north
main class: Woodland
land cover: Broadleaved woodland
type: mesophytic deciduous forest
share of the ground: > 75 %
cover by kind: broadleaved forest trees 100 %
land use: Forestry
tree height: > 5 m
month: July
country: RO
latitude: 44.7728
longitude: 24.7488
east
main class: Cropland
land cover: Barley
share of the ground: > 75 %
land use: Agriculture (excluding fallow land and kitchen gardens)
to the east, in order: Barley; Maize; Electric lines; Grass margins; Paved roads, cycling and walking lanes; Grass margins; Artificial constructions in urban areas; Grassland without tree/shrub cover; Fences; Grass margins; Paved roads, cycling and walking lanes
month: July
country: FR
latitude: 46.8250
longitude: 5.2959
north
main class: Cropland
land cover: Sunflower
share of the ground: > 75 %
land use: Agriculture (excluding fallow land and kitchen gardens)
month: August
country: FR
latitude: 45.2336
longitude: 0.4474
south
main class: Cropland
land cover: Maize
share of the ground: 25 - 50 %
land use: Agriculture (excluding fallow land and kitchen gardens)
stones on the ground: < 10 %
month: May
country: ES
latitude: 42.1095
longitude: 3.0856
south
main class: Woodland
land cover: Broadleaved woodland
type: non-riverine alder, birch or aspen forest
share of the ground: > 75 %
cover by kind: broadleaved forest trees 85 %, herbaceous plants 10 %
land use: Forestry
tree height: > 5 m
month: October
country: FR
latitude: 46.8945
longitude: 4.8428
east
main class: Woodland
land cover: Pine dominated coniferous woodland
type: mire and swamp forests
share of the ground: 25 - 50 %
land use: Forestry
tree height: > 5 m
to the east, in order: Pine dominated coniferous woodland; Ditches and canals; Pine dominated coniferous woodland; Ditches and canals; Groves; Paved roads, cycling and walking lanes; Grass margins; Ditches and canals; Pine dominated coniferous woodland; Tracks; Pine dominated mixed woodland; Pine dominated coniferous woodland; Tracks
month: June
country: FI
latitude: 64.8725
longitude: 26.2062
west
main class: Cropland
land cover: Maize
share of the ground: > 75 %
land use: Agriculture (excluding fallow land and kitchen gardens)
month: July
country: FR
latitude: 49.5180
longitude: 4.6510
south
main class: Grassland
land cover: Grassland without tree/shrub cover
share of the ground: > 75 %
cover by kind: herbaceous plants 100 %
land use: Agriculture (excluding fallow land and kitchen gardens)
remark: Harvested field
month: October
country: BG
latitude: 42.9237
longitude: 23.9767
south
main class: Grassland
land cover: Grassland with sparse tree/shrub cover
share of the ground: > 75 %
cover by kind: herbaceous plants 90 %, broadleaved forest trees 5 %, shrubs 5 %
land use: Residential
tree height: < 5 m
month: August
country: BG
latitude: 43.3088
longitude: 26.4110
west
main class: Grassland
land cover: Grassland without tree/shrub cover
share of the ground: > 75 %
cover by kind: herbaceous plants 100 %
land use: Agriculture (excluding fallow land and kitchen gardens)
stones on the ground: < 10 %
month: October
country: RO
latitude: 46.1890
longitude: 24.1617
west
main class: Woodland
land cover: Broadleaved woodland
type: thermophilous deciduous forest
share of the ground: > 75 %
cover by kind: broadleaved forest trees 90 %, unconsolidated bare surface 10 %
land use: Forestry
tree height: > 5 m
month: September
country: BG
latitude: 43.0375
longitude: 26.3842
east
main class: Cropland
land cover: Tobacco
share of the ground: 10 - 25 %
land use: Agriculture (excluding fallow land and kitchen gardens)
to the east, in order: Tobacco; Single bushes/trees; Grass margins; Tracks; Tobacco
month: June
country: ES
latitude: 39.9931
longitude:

····················

## Task details
Word for word, transcribe the entire listing shown above.

## Answer
north
main class: Woodland
land cover: Broadleaved woodland
type: mesophytic deciduous forest
share of the ground: > 75 %
cover by kind: broadleaved forest trees 100 %
land use: Forestry
tree height: > 5 m
month: July
country: RO
latitude: 44.7728
longitude: 24.7488
east
main class: Cropland
land cover: Barley
share of the ground: > 75 %
land use: Agriculture (excluding fallow land and kitchen gardens)
to the east, in order: Barley; Maize; Electric lines; Grass margins; Paved roads, cycling and walking lanes; Grass margins; Artificial constructions in urban areas; Grassland without tree/shrub cover; Fences; Grass margins; Paved roads, cycling and walking lanes
month: July
country: FR
latitude: 46.8250
longitude: 5.2959
north
main class: Cropland
land cover: Sunflower
share of the ground: > 75 %
land use: Agriculture (excluding fallow land and kitchen gardens)
month: August
country: FR
latitude: 45.2336
longitude: 0.4474
south
main class: Cropland
land cover: Maize
share of the ground: 25 - 50 %
land use: Agriculture (excluding fallow land and kitchen gardens)
stones on the ground: < 10 %
month: May
country: ES
latitude: 42.1095
longitude: 3.0856
south
main class: Woodland
land cover: Broadleaved woodland
type: non-riverine alder, birch or aspen forest
share of the ground: > 75 %
cover by kind: broadleaved forest trees 85 %, herbaceous plants 10 %
land use: Forestry
tree height: > 5 m
month: October
country: FR
latitude: 46.8945
longitude: 4.8428
east
main class: Woodland
land cover: Pine dominated coniferous woodland
type: mire and swamp forests
share of the ground: 25 - 50 %
land use: Forestry
tree height: > 5 m
to the east, in order: Pine dominated coniferous woodland; Ditches and canals; Pine dominated coniferous woodland; Ditches and canals; Groves; Paved roads, cycling and walking lanes; Grass margins; Ditches and canals; Pine dominated coniferous woodland; Tracks; Pine dominated mixed woodland; Pine dominated coniferous woodland; Tracks
month: June
country: FI
latitude: 64.8725
longitude: 26.2062
west
main class: Cropland
land cover: Maize
share of the ground: > 75 %
land use: Agriculture (excluding fallow land and kitchen gardens)
month: July
country: FR
latitude: 49.5180
longitude: 4.6510
south
main class: Grassland
land cover: Grassland without tree/shrub cover
share of the ground: > 75 %
cover by kind: herbaceous plants 100 %
land use: Agriculture (excluding fallow land and kitchen gardens)
remark: Harvested field
month: October
country: BG
latitude: 42.9237
longitude: 23.9767
south
main class: Grassland
land cover: Grassland with sparse tree/shrub cover
share of the ground: > 75 %
cover by kind: herbaceous plants 90 %, broadleaved forest trees 5 %, shrubs 5 %
land use: Residential
tree height: < 5 m
month: August
country: BG
latitude: 43.3088
longitude: 26.4110
west
main class: Grassland
land cover: Grassland without tree/shrub cover
share of the ground: > 75 %
cover by kind: herbaceous plants 100 %
land use: Agriculture (excluding fallow land and kitchen gardens)
stones on the ground: < 10 %
month: October
country: RO
latitude: 46.1890
longitude: 24.1617
west
main class: Woodland
land cover: Broadleaved woodland
type: thermophilous deciduous forest
share of the ground: > 75 %
cover by kind: broadleaved forest trees 90 %, unconsolidated bare surface 10 %
land use: Forestry
tree height: > 5 m
month: September
country: BG
latitude: 43.0375
longitude: 26.3842
east
main class: Cropland
land cover: Tobacco
share of the ground: 10 - 25 %
land use: Agriculture (excluding fallow land and kitchen gardens)
to the east, in order: Tobacco; Single bushes/trees; Grass margins; Tracks; Tobacco
month: June
country: ES
latitude: 39.9931
longitude:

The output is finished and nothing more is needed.